From Wen Jing 🙂
My first card from Bolivia comes from Yoshi. 🙂
Salar de Uyuni is the world’s largest salt flat at 10,582 square kilometers. It is located in the Potosí and Oruro departments in southwest Bolivia, near the crest of the Andes and is at an elevation of 3,656 meters above mean sea level.
Bolivia is a landlocked country located in western-central South America. It is a democratic republic that is divided into nine departments. Its geography varies from the peaks of the Andes in the West, to the Eastern Lowlands, situated within the Amazon Basin. It is a developing country, with a medium ranking in the Human Development Index and a poverty level of 53 percent. Its main economic activities include agriculture, forestry, fishing, mining, and manufacturing goods such as textiles, clothing, refined metals, and refined petroleum. Bolivia is very wealthy in minerals, especially tin. The Bolivian population, estimated at 10 million, is multiethnic, including Amerindians, Mestizos, Europeans, Asians and Africans. The main language spoken is Spanish, although the Guarani, Aymara and Quechua languages are also common, and all four, as well as 34 other indigenous languages, are official. Bolivia’s diversity has contributed greatly to its rich art, cuisine, literature, and music.
This one comes from Marije in the Netherlands. 🙂
The Falkland Islands (Spanish: Islas Malvinas) are an archipelago in the South Atlantic Ocean on the Patagonian Shelf.
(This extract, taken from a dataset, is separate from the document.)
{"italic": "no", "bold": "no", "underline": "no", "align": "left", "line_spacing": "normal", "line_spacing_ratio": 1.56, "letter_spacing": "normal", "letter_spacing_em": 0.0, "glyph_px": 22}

The principal islands are about 500 km east of South America’s southern Patagonian coast, at a latitude of about 52°S. The archipelago, with an area of 12,200 km², comprises East Falkland, West Falkland and 776 smaller islands. As a British overseas territory, the Falklands have internal self-governance, with the United Kingdom taking responsibility for their defence and foreign affairs. The islands’ capital is Stanley, on East Falkland.
Controversy exists over the Falklands’ discovery and subsequent colonisation by Europeans. At various times, the islands have had French, British, Spanish, and Argentine settlements. Britain reasserted its rule in 1833, although Argentina maintained its claim to the islands. In 1982, after Argentina’s invasion of the islands, the Falklands War resulted in the surrender of Argentine forces and the return of the islands to British administration.
My first card from Guyana comes from Jealisha. 🙂
Kaieteur Falls is a waterfall on the Potaro River in Kaieteur National Park, central Essequibo Territory, Guyana. It is 226 metres high when measured from its plunge over a sandstone and conglomerate cliff to the first break. It then flows over a series of steep cascades that, when included in the measurements, bring the total height to 251 metres. While many falls have greater height, few have the combination of height and water volume, and the falls are among the most powerful waterfalls in the world with an average flow rate of 663 cubic metres per second.
Kaieteur Falls is about four times higher than the Niagara Falls, on the border between Canada and the United States and about twice the height of the Victoria Falls on the border of Zambia and Zimbabwe in Africa. It is a single drop waterfall and is the 123rd tallest (single and multi-drop waterfall) in the world, according to the World Waterfall Database. The same website lists it as 19th largest waterfall in terms of volume, and in their estimation, Kaieteur is the 26th most scenic waterfall in the world.
My very first card from Paraguay comes from Jimena who was on a trip there. The cards pictures the Legislative Palace in Asunción. Also, the Paraguayan stamps are so big that Jimena couldn’t fit them on the back, that’s why they look like that. 😀
Nuestra Señora Santa María de la Asunción is the capital and largest city of Paraguay. The Ciudad de Asunción is an autonomous capital district not part of any department. It is the home of the national government, principal port, and the chief industrial and cultural centre of the country.
Asunción is one of the oldest cities in South America and the longest continually inhabited area in the Rio de la Plata Basin; for this reason that it is known as “Mother of Cities”. It was from Asunción that the colonial expeditions departed to found other cities.
My second T&T card comes again from Reinelle. 🙂
Tobago is the smaller of the two main islands that make up the Republic of Trinidad and Tobago. It is located in the southern Caribbean, northeast of the island of Trinidad and southeast of Grenada. According to the earliest English-language source cited in the Oxford English Dictionary, Tobago bore a name that has become the English word tobacco. The national bird of Tobago is the Cocrico.
My first Trinidad and Tobago postcard came from Reinelle. 😀
Trinidad and Tobago, the earliest-settled part of the Caribbean, was originally inhabited by Amerindians of South American origin. In 1498, Christopher Columbus discovered the islands.
Trinidad and Tobago became an independent nation (from the United Kingdom) in 1962, and in 1976, the country severed its links with the British monarchy and became a republic within the Commonwealth.
Between the years 1972 and 1983, profits from oil greatly increased the living standards in Trinidad. In fact, since late 2003, the country has entered a second oil boom and it is now one of the most prosperous island nations in the Caribbean.